This is your Sunday Space, where I serve up the best ideas, tools and resources I’ve found each week as we explore the technology shaping the future.
If you find something thought-provoking, forward it to a friend.
IDEAS
Focus on the Essential
Essentialism, by Greg McKeown
Recently, I’ve felt like I’m doing a tonne of busy work without progressing toward my big goals.
Even with this newsletter—posting consistently at the moment is a grind.
However, I feel that building No-Code/AI products has slipped the most. I’ve kept pushing out my targets—first, by days, then weeks.
Fortunately, I saw an old framework based on Greg McKeown’s Essentialism that’s helping to reframe everything:
The daily reality we all face, whether you’re a founder, writer, or engineer, is that we have major goals (the “vital few”) and minor goals (the “trivial many”).
The “vital few” are the high-leverage activities/tasks that lead to exponential growth.
The “trivial few” are the activities/tasks (most meetings fall into this category) that you sort of have to do but won’t really move the needle.
The core problem is that we ignore the “vital few” (the hard tasks that require a lot of activation energy) for the “trivial many.”
The simplest framework to counteract this is to reserve 2-4 hours every day to make progress against the “vital few.”
This includes defining what the “vital few” are in the first place.
The 2-4 hour block is one of intense focus—no phone, no email, no Slack.
This is something we can all apply today. I certainly plan to.
If you remember nothing else from this, focus on the “vital few” and ignore the “trivial many.”
RESEARCH
AI’s Impact on Finance
Citigroup just released a startling report on AI’s potential impact on finance. Unsurprisingly, it’s going to be massive.
While this isn’t the first time Citi has reported on AI’s impact on banking, ChatGPT’s launch changed everything, shortening the timeline to complete disruption of the financial sector.
Since this is the AI vertical I’m most focussed on, I dug in. Here are my biggest takeaways from Citi’s report:
Source: Citigroup GPS Report, AI IN FINANCE
AI will have the biggest impact on Banking compared to any other industry, with 54% of jobs having the potential for automation.
93% of survey respondents believe AI will improve bank profits, with nearly half estimating growth to exceed 10%.
AI could add $170B (9%) to global banking profits by 2028.
Finance companies are still playing catch-up, with ~90% of banks and insurance companies just beginning to implement AI in their business.

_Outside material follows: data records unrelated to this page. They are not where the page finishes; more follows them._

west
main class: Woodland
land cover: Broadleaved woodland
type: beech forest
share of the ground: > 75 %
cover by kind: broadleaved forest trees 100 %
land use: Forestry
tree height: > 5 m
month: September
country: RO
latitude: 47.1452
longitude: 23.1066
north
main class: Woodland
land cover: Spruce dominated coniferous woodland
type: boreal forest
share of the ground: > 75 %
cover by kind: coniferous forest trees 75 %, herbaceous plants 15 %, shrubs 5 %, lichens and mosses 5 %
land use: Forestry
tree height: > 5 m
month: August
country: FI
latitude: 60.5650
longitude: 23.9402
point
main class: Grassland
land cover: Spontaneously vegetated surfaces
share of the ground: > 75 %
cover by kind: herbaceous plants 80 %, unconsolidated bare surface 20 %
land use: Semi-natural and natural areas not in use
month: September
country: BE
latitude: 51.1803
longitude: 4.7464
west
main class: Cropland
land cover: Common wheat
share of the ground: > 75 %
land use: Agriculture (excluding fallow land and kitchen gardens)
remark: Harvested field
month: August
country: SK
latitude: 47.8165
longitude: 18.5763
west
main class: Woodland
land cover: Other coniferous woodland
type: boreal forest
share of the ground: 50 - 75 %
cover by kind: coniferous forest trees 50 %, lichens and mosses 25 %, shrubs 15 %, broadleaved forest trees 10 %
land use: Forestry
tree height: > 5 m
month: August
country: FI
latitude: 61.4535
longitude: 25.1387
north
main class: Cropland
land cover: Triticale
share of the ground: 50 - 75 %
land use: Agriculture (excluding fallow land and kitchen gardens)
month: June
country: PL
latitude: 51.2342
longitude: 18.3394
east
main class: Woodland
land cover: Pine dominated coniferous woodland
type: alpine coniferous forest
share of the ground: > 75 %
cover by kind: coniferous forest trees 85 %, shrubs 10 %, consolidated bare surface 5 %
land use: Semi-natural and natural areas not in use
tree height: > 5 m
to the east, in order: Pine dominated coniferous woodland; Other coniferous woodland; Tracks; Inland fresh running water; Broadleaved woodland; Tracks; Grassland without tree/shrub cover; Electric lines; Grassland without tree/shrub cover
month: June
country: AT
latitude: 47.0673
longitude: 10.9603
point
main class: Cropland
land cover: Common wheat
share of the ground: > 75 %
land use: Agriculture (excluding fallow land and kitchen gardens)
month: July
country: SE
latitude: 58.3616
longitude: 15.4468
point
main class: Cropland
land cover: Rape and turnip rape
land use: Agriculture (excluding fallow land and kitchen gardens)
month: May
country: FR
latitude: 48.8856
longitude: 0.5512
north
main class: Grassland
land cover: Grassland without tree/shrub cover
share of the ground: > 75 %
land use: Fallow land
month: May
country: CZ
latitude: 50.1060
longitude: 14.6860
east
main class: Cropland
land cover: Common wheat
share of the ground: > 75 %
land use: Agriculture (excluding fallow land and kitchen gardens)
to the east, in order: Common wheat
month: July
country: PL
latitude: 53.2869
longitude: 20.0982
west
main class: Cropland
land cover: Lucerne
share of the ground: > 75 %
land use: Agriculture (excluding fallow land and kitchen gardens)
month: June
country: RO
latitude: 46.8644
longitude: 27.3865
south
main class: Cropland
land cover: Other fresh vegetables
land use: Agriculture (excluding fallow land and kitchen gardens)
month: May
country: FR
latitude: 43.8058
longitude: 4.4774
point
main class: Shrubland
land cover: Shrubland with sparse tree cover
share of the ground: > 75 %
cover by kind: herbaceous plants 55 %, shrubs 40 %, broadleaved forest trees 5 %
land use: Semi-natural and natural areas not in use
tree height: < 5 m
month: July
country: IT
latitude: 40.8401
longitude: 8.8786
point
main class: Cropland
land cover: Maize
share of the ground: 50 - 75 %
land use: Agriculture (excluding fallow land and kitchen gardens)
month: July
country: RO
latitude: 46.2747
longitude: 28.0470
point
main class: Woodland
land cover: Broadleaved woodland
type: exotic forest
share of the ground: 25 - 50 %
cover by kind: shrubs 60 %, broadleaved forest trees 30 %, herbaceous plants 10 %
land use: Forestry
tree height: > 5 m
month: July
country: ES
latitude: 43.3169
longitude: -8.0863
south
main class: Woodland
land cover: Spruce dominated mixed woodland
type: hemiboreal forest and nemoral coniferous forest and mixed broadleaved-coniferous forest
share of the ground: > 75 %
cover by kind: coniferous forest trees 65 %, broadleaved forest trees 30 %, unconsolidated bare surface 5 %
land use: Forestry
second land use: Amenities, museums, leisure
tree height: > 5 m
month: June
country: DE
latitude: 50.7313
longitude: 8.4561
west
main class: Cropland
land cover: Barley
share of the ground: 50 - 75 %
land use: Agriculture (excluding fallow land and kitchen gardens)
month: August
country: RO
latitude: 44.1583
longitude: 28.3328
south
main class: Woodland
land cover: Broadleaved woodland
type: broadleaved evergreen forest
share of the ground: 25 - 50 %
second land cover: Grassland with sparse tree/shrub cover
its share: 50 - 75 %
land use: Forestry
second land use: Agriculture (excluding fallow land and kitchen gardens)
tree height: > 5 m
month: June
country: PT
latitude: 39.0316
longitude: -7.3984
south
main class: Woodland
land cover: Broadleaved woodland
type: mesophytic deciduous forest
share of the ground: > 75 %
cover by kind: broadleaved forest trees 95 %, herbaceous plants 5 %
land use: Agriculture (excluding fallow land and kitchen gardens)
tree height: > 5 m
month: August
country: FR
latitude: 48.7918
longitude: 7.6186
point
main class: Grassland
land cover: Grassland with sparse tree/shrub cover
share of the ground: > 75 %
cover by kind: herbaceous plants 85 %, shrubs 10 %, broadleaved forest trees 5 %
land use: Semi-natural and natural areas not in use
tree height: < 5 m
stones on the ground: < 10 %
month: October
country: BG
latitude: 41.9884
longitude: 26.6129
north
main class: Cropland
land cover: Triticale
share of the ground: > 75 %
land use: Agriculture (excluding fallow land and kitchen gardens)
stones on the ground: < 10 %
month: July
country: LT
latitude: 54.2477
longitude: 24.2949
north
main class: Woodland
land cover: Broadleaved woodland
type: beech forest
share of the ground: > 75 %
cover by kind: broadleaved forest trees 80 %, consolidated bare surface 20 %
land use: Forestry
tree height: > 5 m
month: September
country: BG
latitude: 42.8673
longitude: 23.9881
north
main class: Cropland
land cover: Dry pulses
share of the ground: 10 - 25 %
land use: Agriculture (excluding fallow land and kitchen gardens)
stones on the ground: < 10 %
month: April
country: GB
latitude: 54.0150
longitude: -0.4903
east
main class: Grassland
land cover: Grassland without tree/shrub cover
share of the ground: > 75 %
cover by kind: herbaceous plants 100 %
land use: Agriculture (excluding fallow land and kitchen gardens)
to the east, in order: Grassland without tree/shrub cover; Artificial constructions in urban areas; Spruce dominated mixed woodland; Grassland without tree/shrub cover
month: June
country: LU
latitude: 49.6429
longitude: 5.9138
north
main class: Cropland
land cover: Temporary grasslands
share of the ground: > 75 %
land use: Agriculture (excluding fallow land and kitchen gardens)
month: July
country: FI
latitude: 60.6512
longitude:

I’ve said before that AI will massively disrupt finance. This report is another data point to support that claim.
If you or your friends plan to get into banking, make sure you get a job that is among the 46% of jobs that can’t be automated.
AI Word of the Day
Fine-Tuning
Created with Midjourney
Also referred to as ‘Post-Training’, this is the process of taking a pre-trained model and continuing the training (typically on a smaller, specialised dataset) to adjust the weights specifically for the desired additional tasks.
E.g. Fine-Tuning Llama 3 with specific financial data to become specialised in predicting company earnings.
INSIGHTS
1 Article
Despite being on the end of regulatory scrutiny from publishers like Forbes and Wired, Perplexity continues to ship. Two weeks ago, they dropped a feature that turns user searches into shareable pages. This week, it displays search results in eloquently designed cards, just like Google does.
Luca’s take: Perplexity is already my default search engine, and honestly, this was the feature I’ve been waiting for them to drop. Basic searches, like weather and currency conversions, have been the only reason I still use Google. I’m not sure I’ll have a reason to use Google Search again. And I’m confident that many other Perplexity users will feel the same way.
1 Post
First time founders are obsessed with product.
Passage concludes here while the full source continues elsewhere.